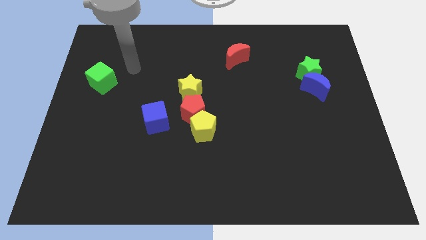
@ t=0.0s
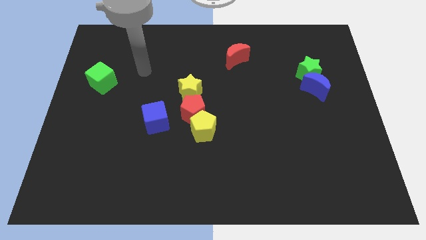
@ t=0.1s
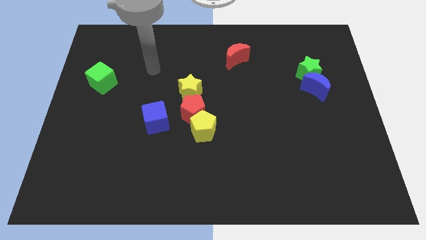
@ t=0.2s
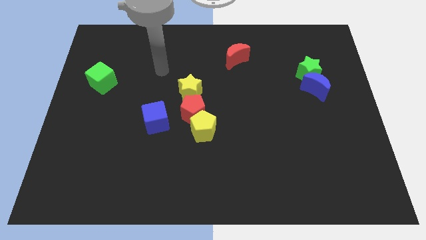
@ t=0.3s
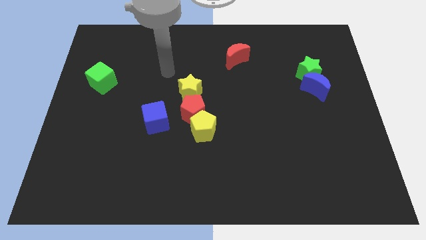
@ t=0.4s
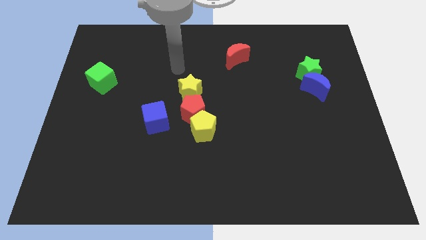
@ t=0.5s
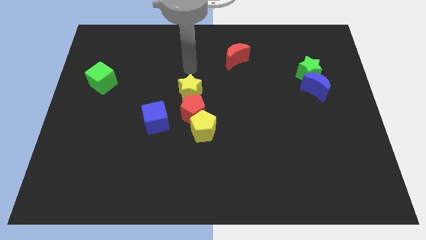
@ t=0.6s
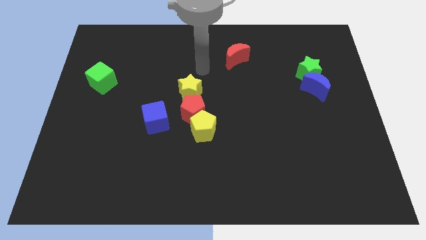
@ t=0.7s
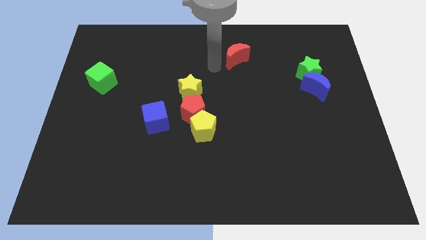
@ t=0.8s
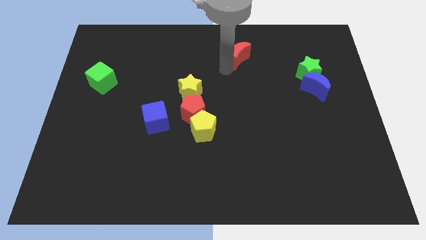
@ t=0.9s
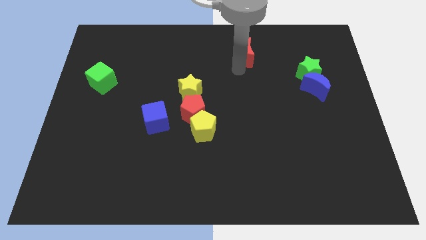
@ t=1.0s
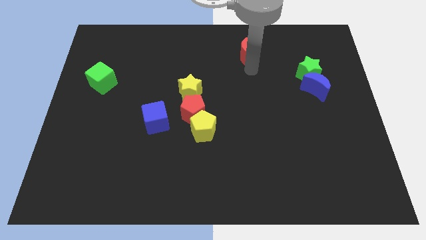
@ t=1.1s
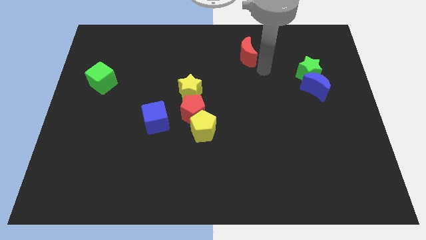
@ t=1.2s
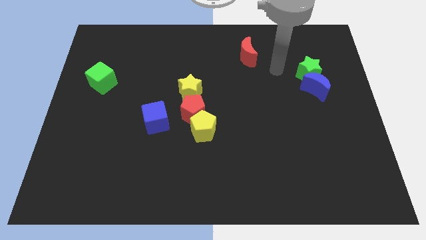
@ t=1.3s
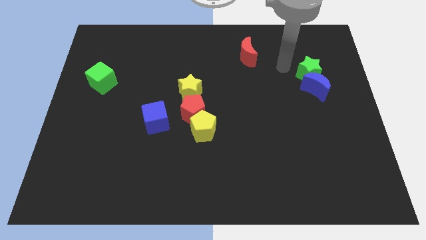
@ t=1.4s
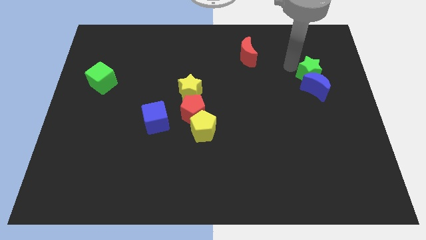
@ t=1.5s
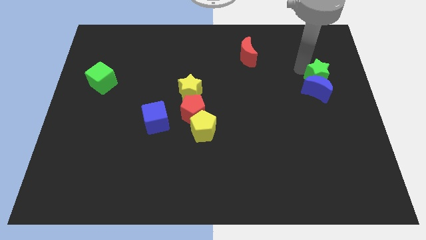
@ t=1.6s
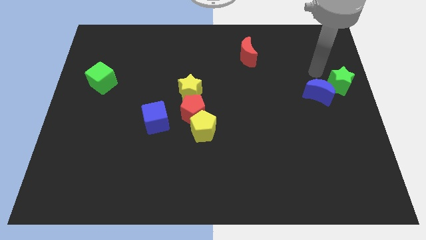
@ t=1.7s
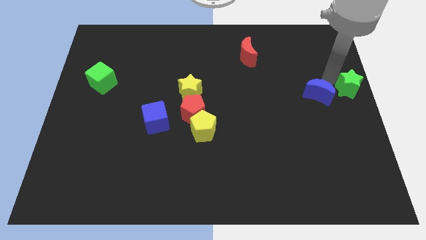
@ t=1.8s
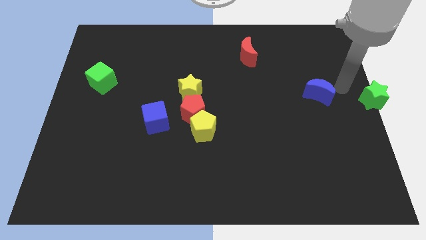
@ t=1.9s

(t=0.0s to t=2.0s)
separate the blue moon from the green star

※ ※ ※

Exercise brief
The whole listing above, word for word: repeat it with the pictures excluded.

Result
@ t=0.0s
@ t=0.1s
@ t=0.2s
@ t=0.3s
@ t=0.4s
@ t=0.5s
@ t=0.6s
@ t=0.7s
@ t=0.8s
@ t=0.9s
@ t=1.0s
@ t=1.1s
@ t=1.2s
@ t=1.3s
@ t=1.4s
@ t=1.5s
@ t=1.6s
@ t=1.7s
@ t=1.8s
@ t=1.9s

(t=0.0s to t=2.0s)
separate the blue moon from the green star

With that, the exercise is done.